YOUR TASK:
All of the lines below are to be transcribed faithfully, with pictures excluded from the copy.

··· RECORDS

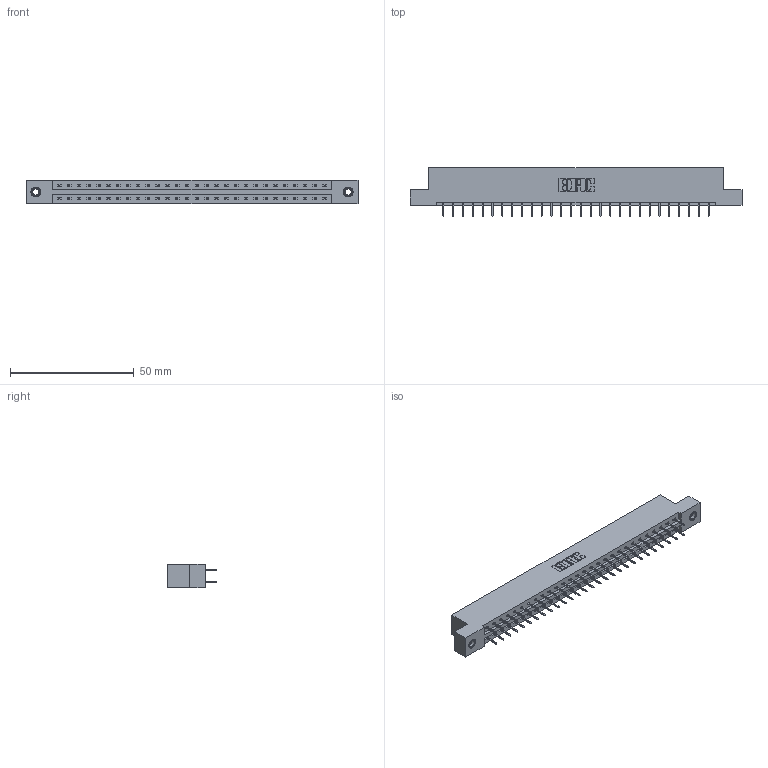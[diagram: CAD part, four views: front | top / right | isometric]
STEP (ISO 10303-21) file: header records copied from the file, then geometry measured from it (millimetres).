
FILE_DESCRIPTION (( 'STEP AP203' ), '1' );
FILE_NAME ('387-056-524-207.STEP', '2018-09-20T23:35:50', ( '' ), ( '' ), 'SwSTEP 2.0', 'SolidWorks 2016', '' );
FILE_SCHEMA (( 'CONFIG_CONTROL_DESIGN' ));
Length unit declared in the file: inch
Products named in the file (4): 337 Part_Flush Mounting Lugs - 0.156 Dia-TI; 345-292-001_345-293-124; 345-250-001_345-250-005-103; 387-056-524-207
Assembly tree (59 placements, depth 2):
  387-056-524-207
    337 Part_Flush Mounting Lugs - 0.156 Dia-TI
    345-292-001_345-293-124  x56
    345-250-001_345-250-005-103  x2
Bounding box: 133.96 x 19.69 x 9.4 mm (x, y, z)
Volume: 13833.1 mm3; surface area: 15275.8 mm2
Topology: 59 solids, 59 shells, 3422 faces, 9687 edges, 6226 vertices
Faces by surface type: plane 2566, cylinder 840, cone 12, torus 4
Entity records: 24780 total; most frequent: CARTESIAN_POINT 4165, ORIENTED_EDGE 4094, DIRECTION 3601, EDGE_CURVE 2047, LINE 1903, VECTOR 1903, VERTEX_POINT 1356, AXIS2_PLACEMENT_3D 849

······

REPLY TO THE EXERCISE:
[diagram: CAD part, four views: front | top / right | isometric]
STEP (ISO 10303-21) file: header records copied from the file, then geometry measured from it (millimetres).
FILE_DESCRIPTION (( 'STEP AP203' ), '1' );
FILE_NAME ('387-056-524-207.STEP', '2018-09-20T23:35:50', ( '' ), ( '' ), 'SwSTEP 2.0', 'SolidWorks 2016', '' );
FILE_SCHEMA (( 'CONFIG_CONTROL_DESIGN' ));
Length unit declared in the file: inch
Products named in the file (4): 337 Part_Flush Mounting Lugs - 0.156 Dia-TI; 345-292-001_345-293-124; 345-250-001_345-250-005-103; 387-056-524-207
Assembly tree (59 placements, depth 2):
  387-056-524-207
    337 Part_Flush Mounting Lugs - 0.156 Dia-TI
    345-292-001_345-293-124  x56
    345-250-001_345-250-005-103  x2
Bounding box: 133.96 x 19.69 x 9.4 mm (x, y, z)
Volume: 13833.1 mm3; surface area: 15275.8 mm2
Topology: 59 solids, 59 shells, 3422 faces, 9687 edges, 6226 vertices
Faces by surface type: plane 2566, cylinder 840, cone 12, torus 4
Entity records: 24780 total; most frequent: CARTESIAN_POINT 4165, ORIENTED_EDGE 4094, DIRECTION 3601, EDGE_CURVE 2047, LINE 1903, VECTOR 1903, VERTEX_POINT 1356, AXIS2_PLACEMENT_3D 849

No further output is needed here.